I have already used a lookup table for log2 function. Replacing the whole Squash formula by a LUT could be done in theory, but that would need to be a huge one since p0 ranges between -16,999999999... to +15,999999999. And reducing the mantissa would hurt the compression...
;Update Weights in the logistic domain, such as:
;Wi=Wi+(Learning Rate*((1-Symbol-(Squash/2^32))*Stretch i))
fstp Temp ;store Squash value in local data (float)
pcmpeqd xmm1,xmm1
psrld xmm1,31 ;xmm1 low dword=1
sub dword ptr Temp+4,2000000H ;substract 32 from exponent field
cmp MatchPrediction,2 ;MatchPrediction=2 if no match found
subss xmm1,Symbol ;xmm1=1-Symbol
movsd xmm3,Temp ;xmm3=Squash/2^32 (float 64 bits)
cvtdq2pd xmm1,xmm1 ;xmm1=1-Symbol (float 64 bits)
subsd xmm1,xmm3 ;xmm1=(1-Symbol)-(Squash/2^32)

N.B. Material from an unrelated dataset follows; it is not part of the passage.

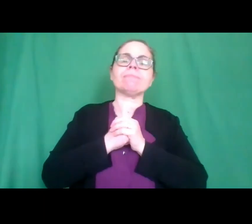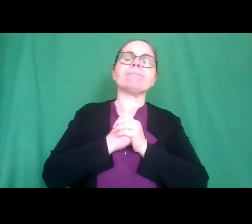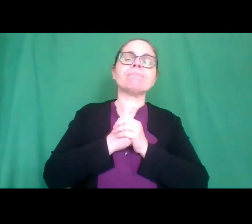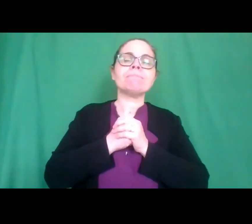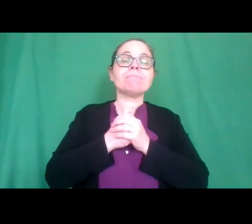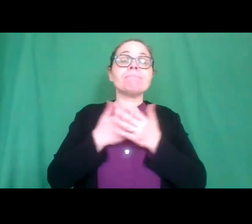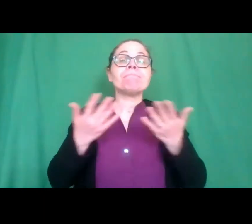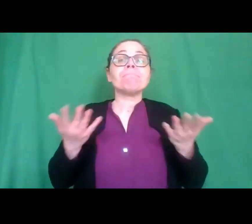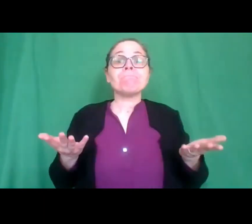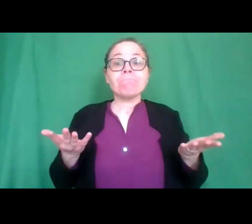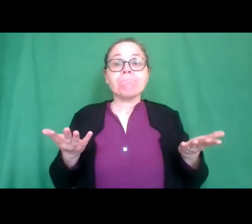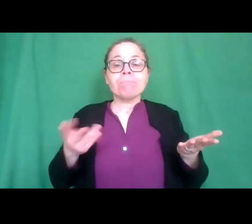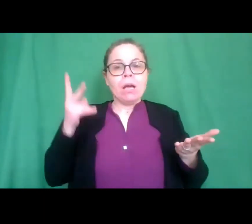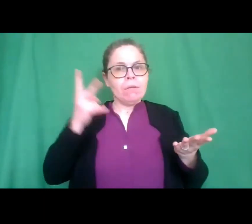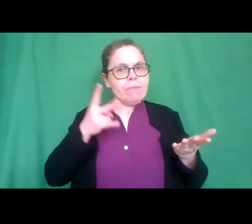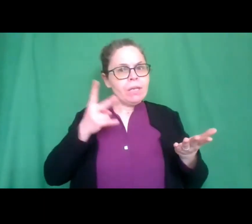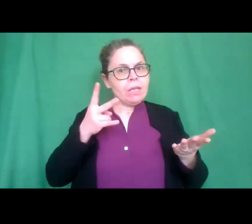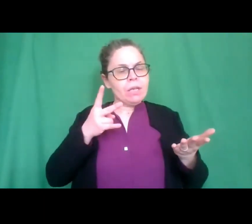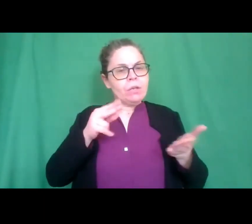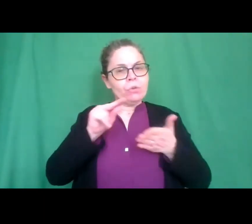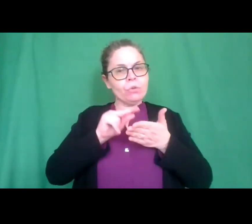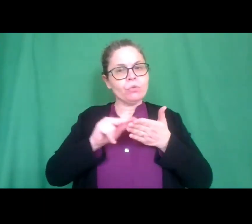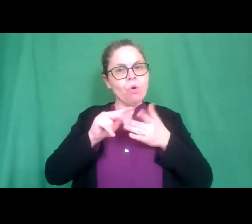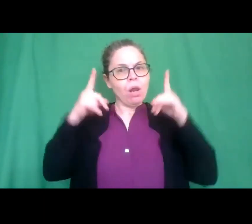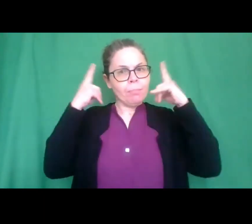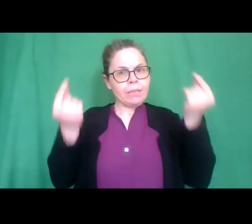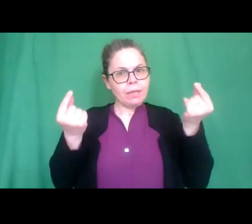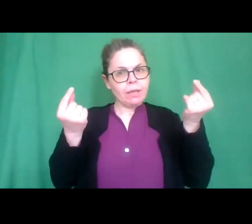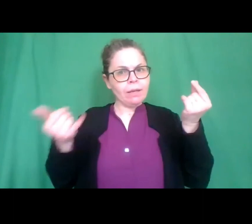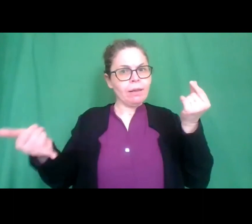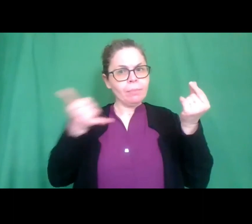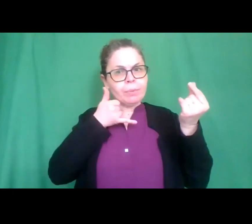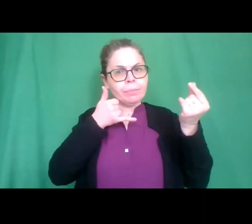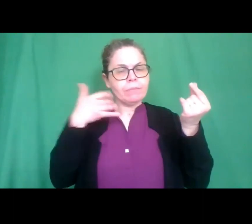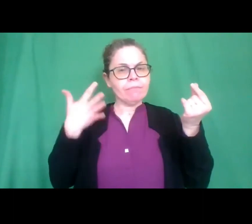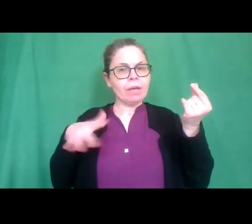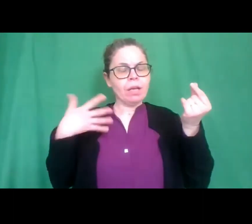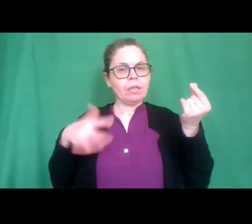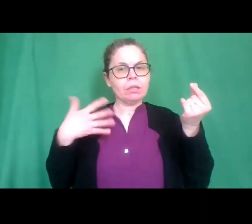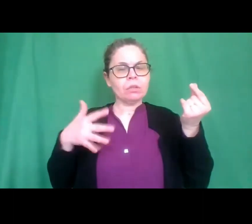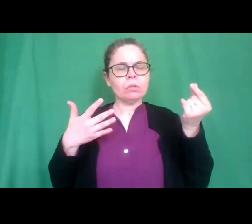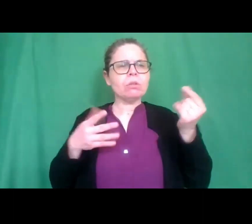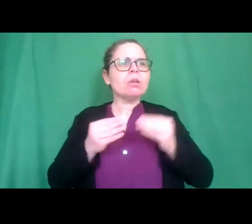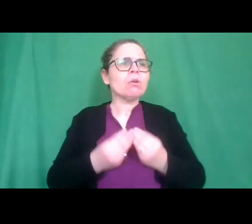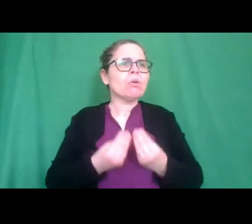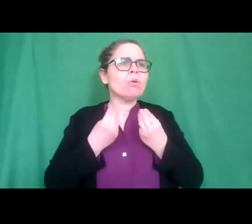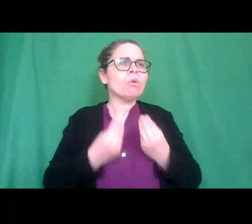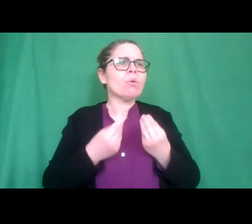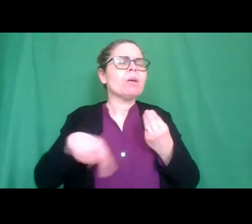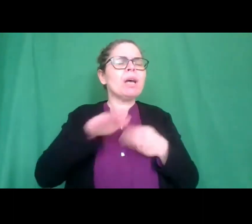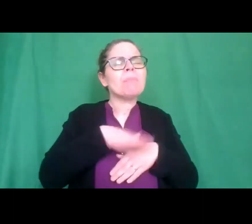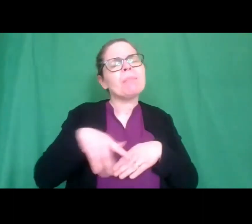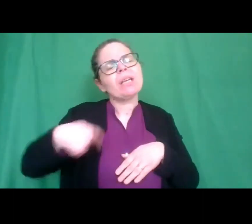grado e mi hanno telefonato delle scuole materne delle scuole dell'infanzia hanno detto ma come i nostri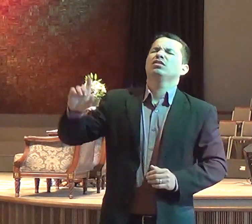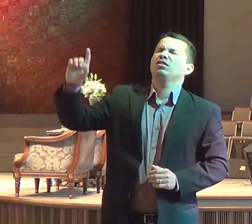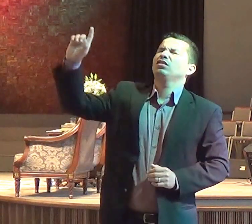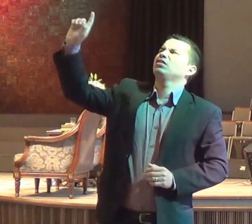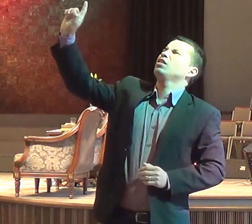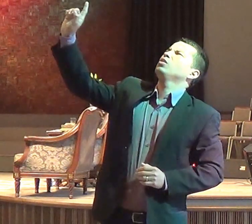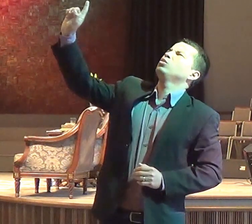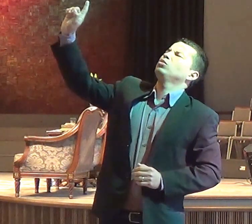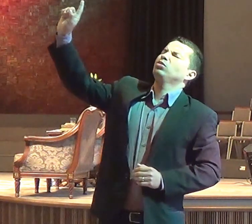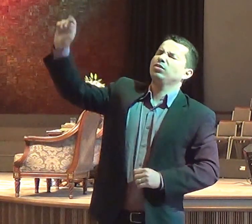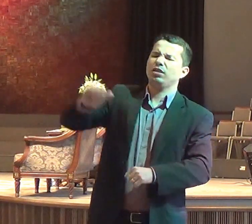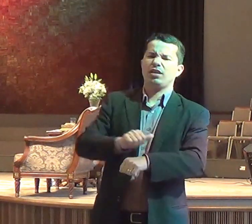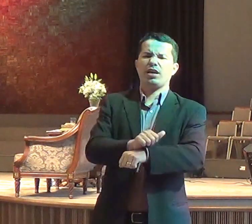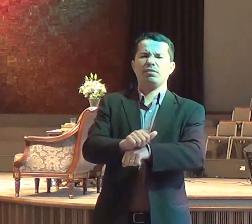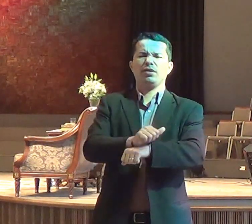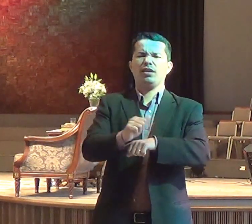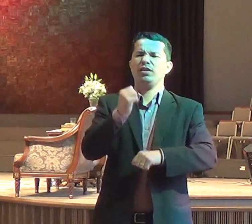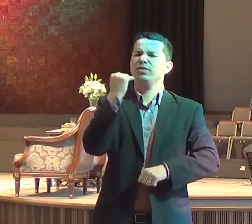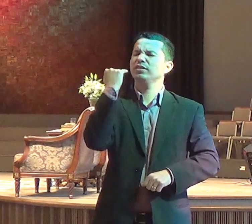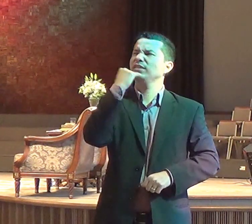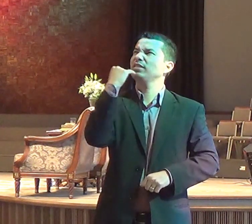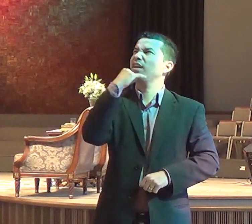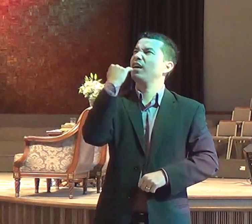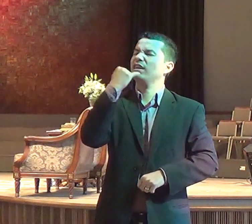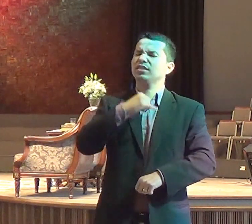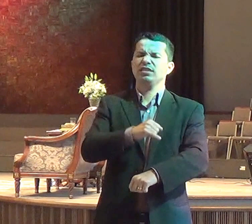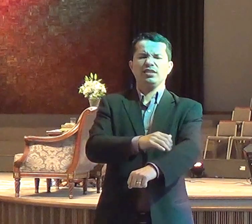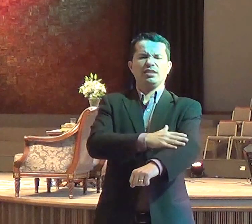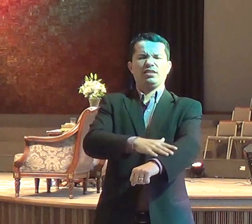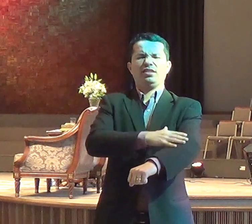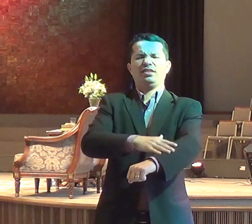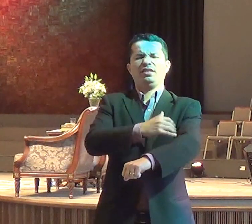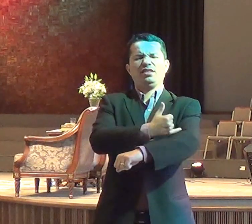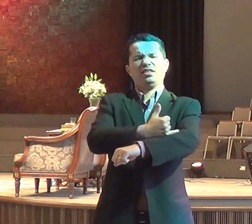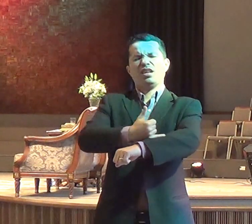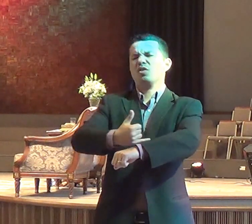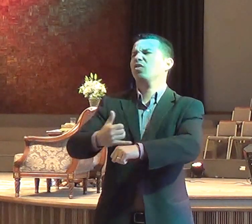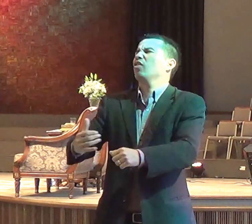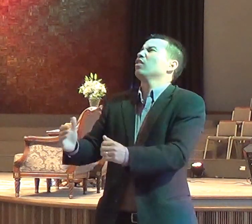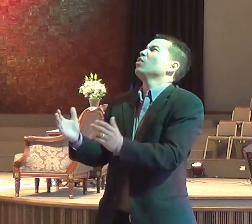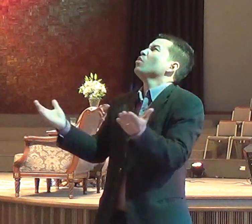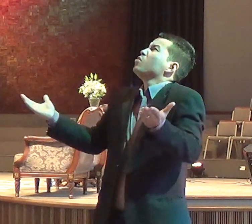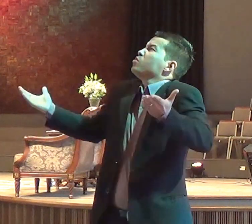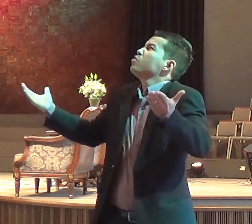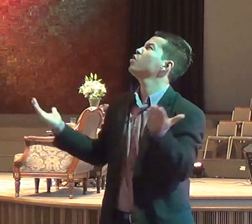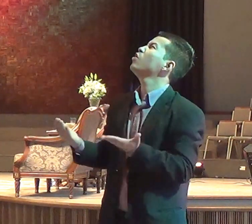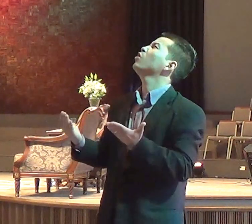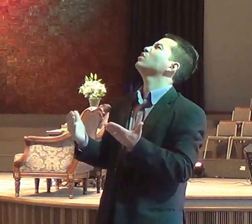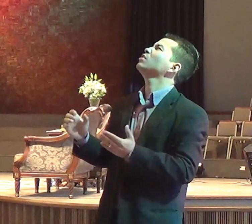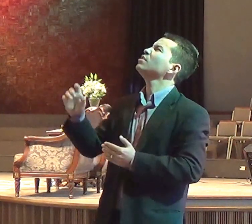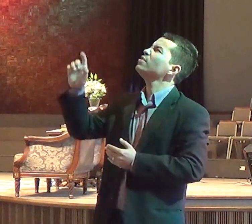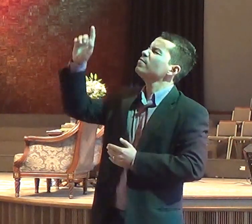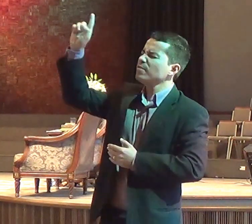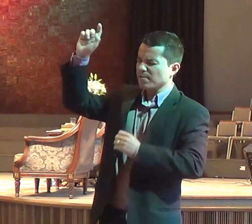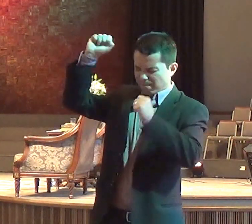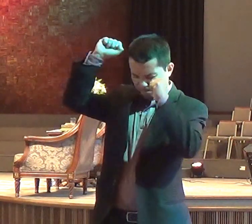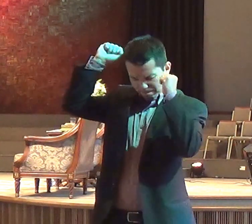de Abraão, Deus de Isaac, Deus de Israel, que hoje fique conhecido que Tu és Deus em Israel,

mulsd xmm1,@@LearningRate ;xmm1=(1-Symbol)-(Squash/2^32)*Learning Rate
cvtsd2ss xmm1,xmm1 ;xmm1=xmm0 converted to 32 bits precision
movapd xmm3,xmm1
mulss xmm1,Stretch6
addss xmm1,Weight6
movss Weight6,xmm1
movapd xmm1,xmm3
mulss xmm1,Stretch4
addss xmm1,Weight4
movss Weight4,xmm1
movapd xmm1,xmm3
mulss xmm1,Stretch3
addss xmm1,Weight3
movss Weight3,xmm1
movapd xmm1,xmm3
mulss xmm1,Stretch2
addss xmm1,Weight2
movss Weight2,xmm1
movapd xmm1,xmm3
mulss xmm1,Stretch1
addss xmm1,Weight1
movss Weight1,xmm1
je @@IF1 ;skip update of Match if model is off
movapd xmm1,xmm3
mulss xmm1,StretchM
addss xmm1,WeightM
movss WeightM,xmm1
@@Stretch:
movzx edx,word ptr [edx] ;edx=Bit history of Order-x table
@@Stretch2:
mov edx,[edi+edx*4]
movzx eax,dx ;eax=frequency of bit 0
movd xmm1,eax
shr edx,16 ;edx=frequency of bit 1
lea ecx,[eax+edx] ;ecx=n0+n1
cvtdq2ps xmm1,xmm1 ;frequency of bit 0 (float)
mulss xmm1,[ecx*4+ebx] ;xmm1=bit 0 range=Frequency*(2^32/TableCount)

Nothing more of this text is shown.